I realize I can no longer feel my fingers. Wind-burnt, frozen, we begin the hike back to the car and turn up the heater as high as it will go. Grateful for the warmth. But still…glad to have been a part of the life of the prairie for a moment. Content to have been present to our “landscape of home.”

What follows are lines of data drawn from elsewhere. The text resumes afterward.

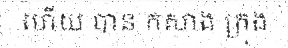
ហើយ បាន កសាង ក្រុង
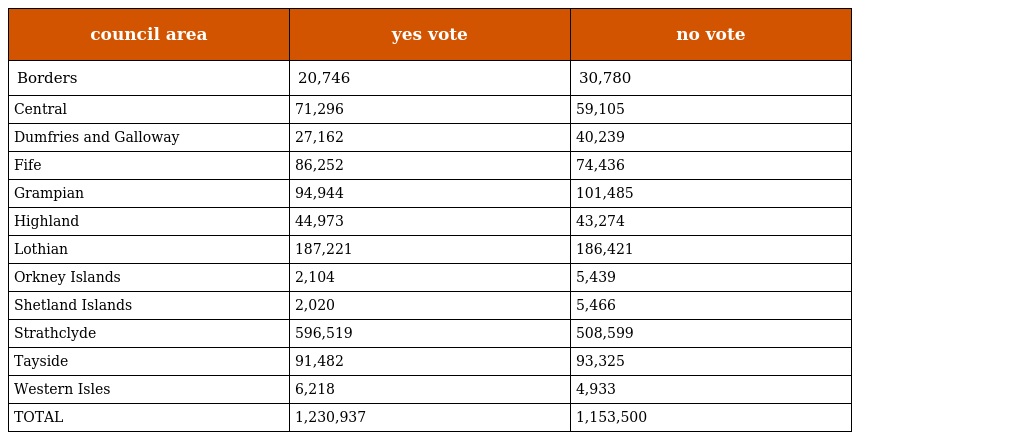
| council area | yes vote | no vote |
 | --- | --- | --- |
 | Borders | 20,746 | 30,780 |
 | Central | 71,296 | 59,105 |
 | Dumfries and Galloway | 27,162 | 40,239 |
 | Fife | 86,252 | 74,436 |
 | Grampian | 94,944 | 101,485 |
 | Highland | 44,973 | 43,274 |
 | Lothian | 187,221 | 186,421 |
 | Orkney Islands | 2,104 | 5,439 |
 | Shetland Islands | 2,020 | 5,466 |
 | Strathclyde | 596,519 | 508,599 |
 | Tayside | 91,482 | 93,325 |
 | Western Isles | 6,218 | 4,933 |
 | TOTAL | 1,230,937 | 1,153,500 |
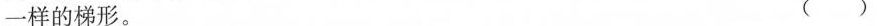
一样的梯形。 ( )
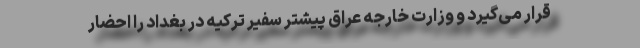
قرار می‌گیرد و وزارت خارجه عراق پیشتر سفیر ترکیه در بغداد را احضار
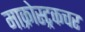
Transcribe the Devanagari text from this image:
माक्रोस्ट्रकचर
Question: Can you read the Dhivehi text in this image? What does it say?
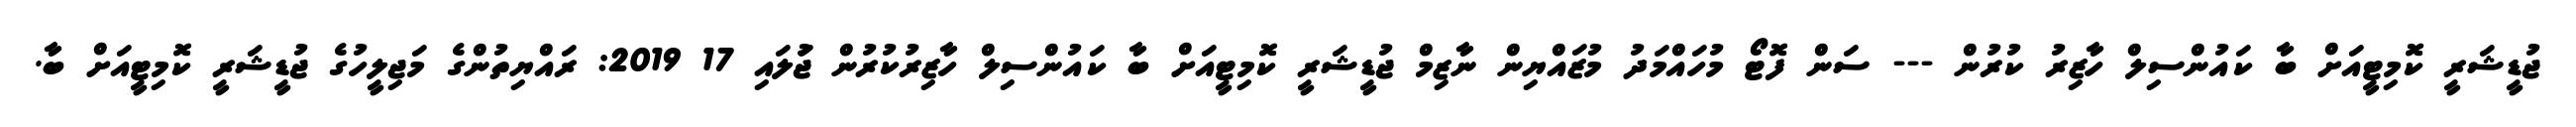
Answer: ޖުޑީޝަރީ ކޮމިޓީއަށް ބާ ކައުންސިލް ހާޒިރު ކުރުން --- ސަން ފޮޓޯ މުހައްމަދު މުޒައްޔިން ނާޒިމް ޖުޑީޝަރީ ކޮމިޓީއަށް ބާ ކައުންސިލް ހާޒިރުކުރުން ޖުަލައި 17 2019: ރައްޔިތުންގެ މަޖިލީހުގެ ޖުޑީޝަރީ ކޮމިޓީއަށް ބާ.
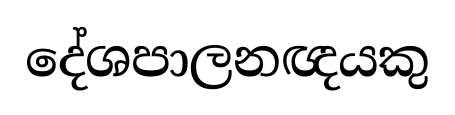
දේශපාලනඥයකු
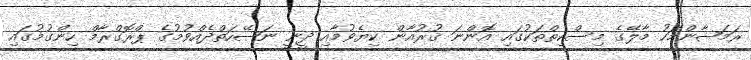
ރަމަޟާންމަހު މާލޭގެ މިސްކިތްތަކުގައި އޮންނަ ޤުރުއާން ކިޔެވުމާއި ދީނީ ނަޞޭހަތްދެއްވުމުގެ ޕްރޮގްރާމް ހިންގުމުގައި
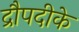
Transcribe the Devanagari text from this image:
द्रौपदीके
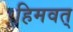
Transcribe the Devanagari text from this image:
हिमवत्
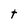
Character: t
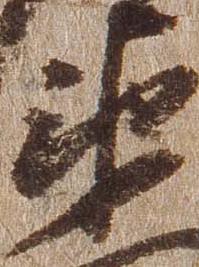
衛
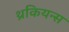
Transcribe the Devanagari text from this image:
थ्रकियन्स
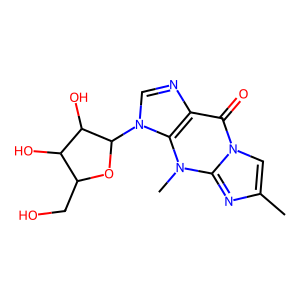
SMILES: Cc1cn2c(=O)c3ncn(C4OC(CO)C(O)C4O)c3n(C)c2n1
Inhibits HIV replication: No
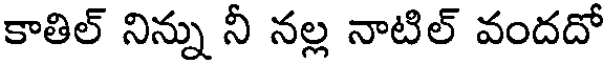
కాతిల్ నిన్ను నీ నల్ల నాటిల్ వందదో
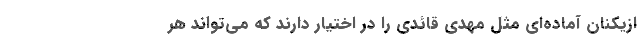
ازیکنان آماده‌ای مثل مهدی قائدی را در اختیار دارند که می‌تواند هر
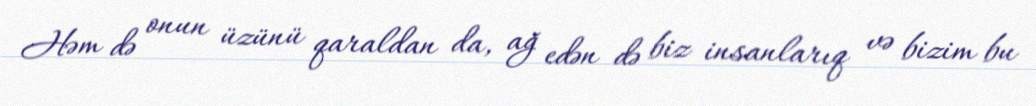
Həm də onun üzünü qaraldan da, ağ edən də biz insanlarıq və bizim bu
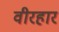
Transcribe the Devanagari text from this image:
वीरहार
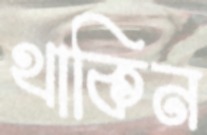
থাকিন
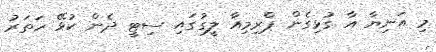
މި އަނިޔާ އާ ގުޅިގެން ޕްރިމިއާ ލީގުގައި ސިޓީ ދެން ކުޅޭ ހަތަރު
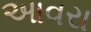
આવરા
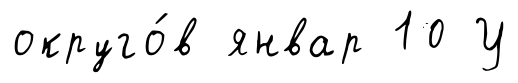
округо́в январ 10 У
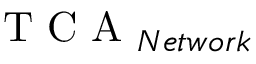
\mathrm { ~ T ~ C ~ A ~ } _ { N e t w o r k }
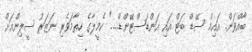
ބާއްވަން. އައިމް ސޭޑް ބަޓް އައި އަންޑަސްޓޭންޑް....." ކެމީލާގެ ހިތާމަވެރި ނަޒަރު ސީލިންއަށް
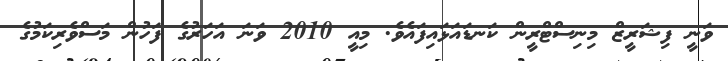
ވަނީ ފިޝަރީޒް މިނިސްޓްރީން ކަނޑައަޅައިފައެވެ. މިއީ 2010 ވަނަ އަހަރުގެ ފަހުން މަސްވެރިކަމުގެ

And… ready for that hot chocolate and those library books.

****

Novelist and poet Martha Ostenso (1900-1963) immigrated with  her family from Norway to Manitoba, then Minnesota. After living in New York City, she moved to Los Angeles and became a screenwriter. She died of complications from alcoholism.  The Wild Geese (1924) is her best-known novel, and, as her publisher writes, “Set on the windswept prairies, it is…a poignant evocation of loneliness… .”

*****

All photos copyright Cindy Crosby, and taken this week at Springbrook Prairie Forest Preserve, Naperville, IL, except where noted (top to bottom): snowfall at the intersection of the collections and wetland prairie plantings on the West Side of The Morton Arboretum in Lisle, IL; super wolf blood moon eclipse over author’s backyard prairie, Glen Ellyn, IL; gray-headed coneflowers (Ratibida pinnata), trail through the tallgrass; red-tailed hawk (Buteo jamaicensis); red-tailed hawk (Buteo jamaicensis); ball gall on goldenrod (probably either Solidago canadensis or Solidago altisissima) made by the goldenrod gall fly (Eurosta solidaginis); bur oak (Quercus macrocarpa) in the tallgrass;  blue shadows and spent wildflowers and prairie grasses; possibly mouse or  vole tracks in the snow; prairie wetlands; looking west on the prairie.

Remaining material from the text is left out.